** DATA follows **
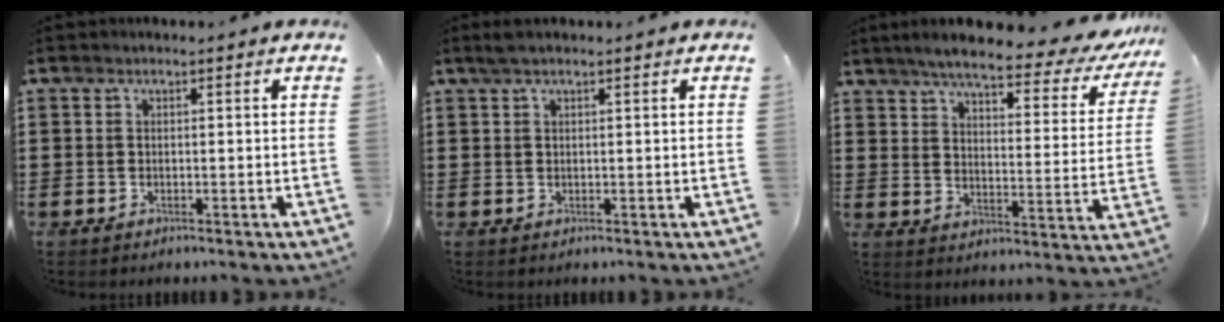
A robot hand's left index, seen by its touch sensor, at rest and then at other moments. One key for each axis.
{"total": 1.3, "fx": 0.7, "fy": 0.2, "fz": 1.1, "tx": -0.023, "ty": 0.001, "tz": 0.013}
{"total": 7.0, "fx": 6.0, "fy": 1.0, "fz": 3.5, "tx": -0.088, "ty": -0.036, "tz": 0.099}
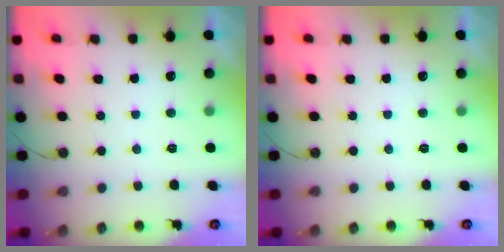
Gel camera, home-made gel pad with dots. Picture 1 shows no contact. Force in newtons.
{"total": 0.0}
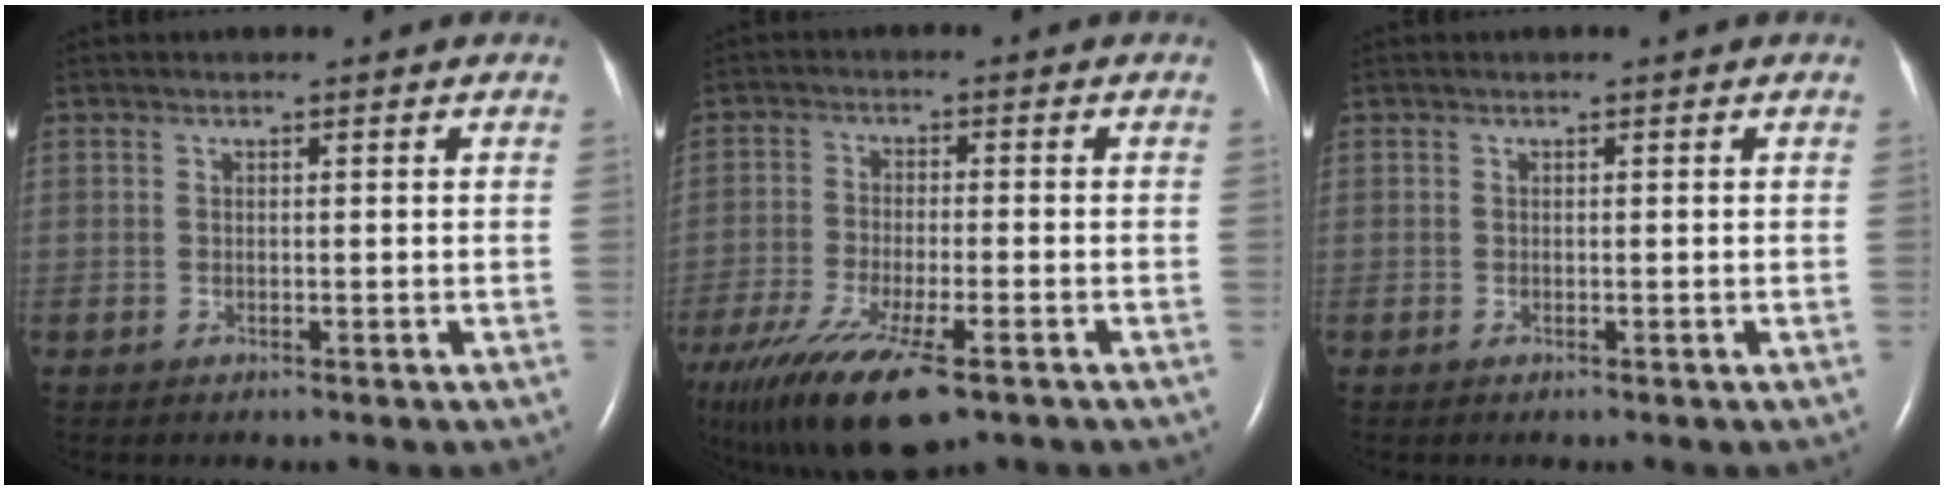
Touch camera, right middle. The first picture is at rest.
{"total": 16.0, "force": [-10.4, 3.9, 11.5], "torque": [-0.235, -0.044, -0.171]}
{"total": 0.0}
** End of DATA **
→ AIM OF THE EXERCISE:
Once the pictures are set aside, restate the remaining data above exactly.

→ EXERCISE RESPONSE:
A robot hand's left index, seen by its touch sensor, at rest and then at other moments. One key for each axis.
{"total": 1.3, "fx": 0.7, "fy": 0.2, "fz": 1.1, "tx": -0.023, "ty": 0.001, "tz": 0.013}
{"total": 7.0, "fx": 6.0, "fy": 1.0, "fz": 3.5, "tx": -0.088, "ty": -0.036, "tz": 0.099}
Gel camera, home-made gel pad with dots. Picture 1 shows no contact. Force in newtons.
{"total": 0.0}
Touch camera, right middle. The first picture is at rest.
{"total": 16.0, "force": [-10.4, 3.9, 11.5], "torque": [-0.235, -0.044, -0.171]}
{"total": 0.0}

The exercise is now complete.